# Dataset entries
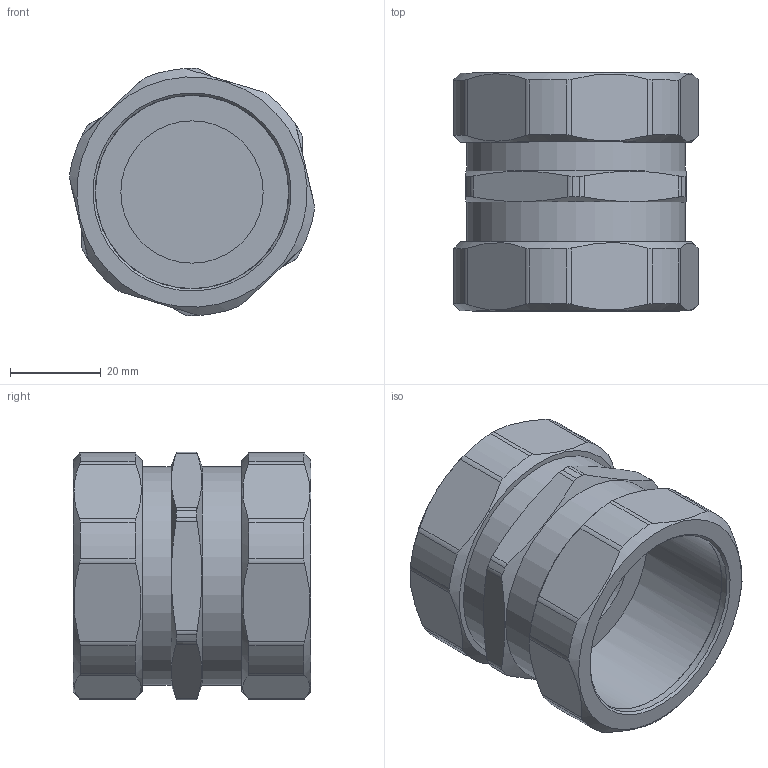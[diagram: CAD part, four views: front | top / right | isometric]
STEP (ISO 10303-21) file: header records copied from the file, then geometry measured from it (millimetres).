
FILE_DESCRIPTION(/* description */ (''),/* implementation_level */ '2;1');
FILE_NAME(/* name */ '',/* time_stamp */ '2025-06-06T17:11:39+07:00',/* author */ ('zeta-82'),/* organization */ (''),/* preprocessor_version */ 'ST-DEVELOPER v19.2',/* originating_system */ 'Autodesk Inventor 2024',/* authorisation */ '');
FILE_SCHEMA (('AUTOMOTIVE_DESIGN { 1 0 10303 214 3 1 1 }'));
Length unit declared in the file: millimetre
Products named in the file (1): АТР-32
Bounding box: 53.93 x 52.33 x 54.5 mm (x, y, z)
Volume: 40351.7 mm3; surface area: 21704.1 mm2
Topology: 1 solids, 2 shells, 100 faces, 273 edges, 182 vertices
Faces by surface type: cylinder 62, plane 27, cone 11
Full cylindrical faces by diameter (mm): 31.3 x1, 32.2 x1, 42.5 x2, 42.6 x2, 48.15 x2
Entity records: 3502 total; most frequent: CARTESIAN_POINT 996, ORIENTED_EDGE 546, DIRECTION 433, EDGE_CURVE 273, VERTEX_POINT 182, AXIS2_PLACEMENT_3D 171, EDGE_LOOP 109, FACE_OUTER_BOUND 100

# Task to complete
Exactly and in full, write out the lines from the one containing "STEP (ISO 10303-21)" through the end of the listing.

# Response
STEP (ISO 10303-21) file: header records copied from the file, then geometry measured from it (millimetres).
FILE_DESCRIPTION(/* description */ (''),/* implementation_level */ '2;1');
FILE_NAME(/* name */ '',/* time_stamp */ '2025-06-06T17:11:39+07:00',/* author */ ('zeta-82'),/* organization */ (''),/* preprocessor_version */ 'ST-DEVELOPER v19.2',/* originating_system */ 'Autodesk Inventor 2024',/* authorisation */ '');
FILE_SCHEMA (('AUTOMOTIVE_DESIGN { 1 0 10303 214 3 1 1 }'));
Length unit declared in the file: millimetre
Products named in the file (1): АТР-32
Bounding box: 53.93 x 52.33 x 54.5 mm (x, y, z)
Volume: 40351.7 mm3; surface area: 21704.1 mm2
Topology: 1 solids, 2 shells, 100 faces, 273 edges, 182 vertices
Faces by surface type: cylinder 62, plane 27, cone 11
Full cylindrical faces by diameter (mm): 31.3 x1, 32.2 x1, 42.5 x2, 42.6 x2, 48.15 x2
Entity records: 3502 total; most frequent: CARTESIAN_POINT 996, ORIENTED_EDGE 546, DIRECTION 433, EDGE_CURVE 273, VERTEX_POINT 182, AXIS2_PLACEMENT_3D 171, EDGE_LOOP 109, FACE_OUTER_BOUND 100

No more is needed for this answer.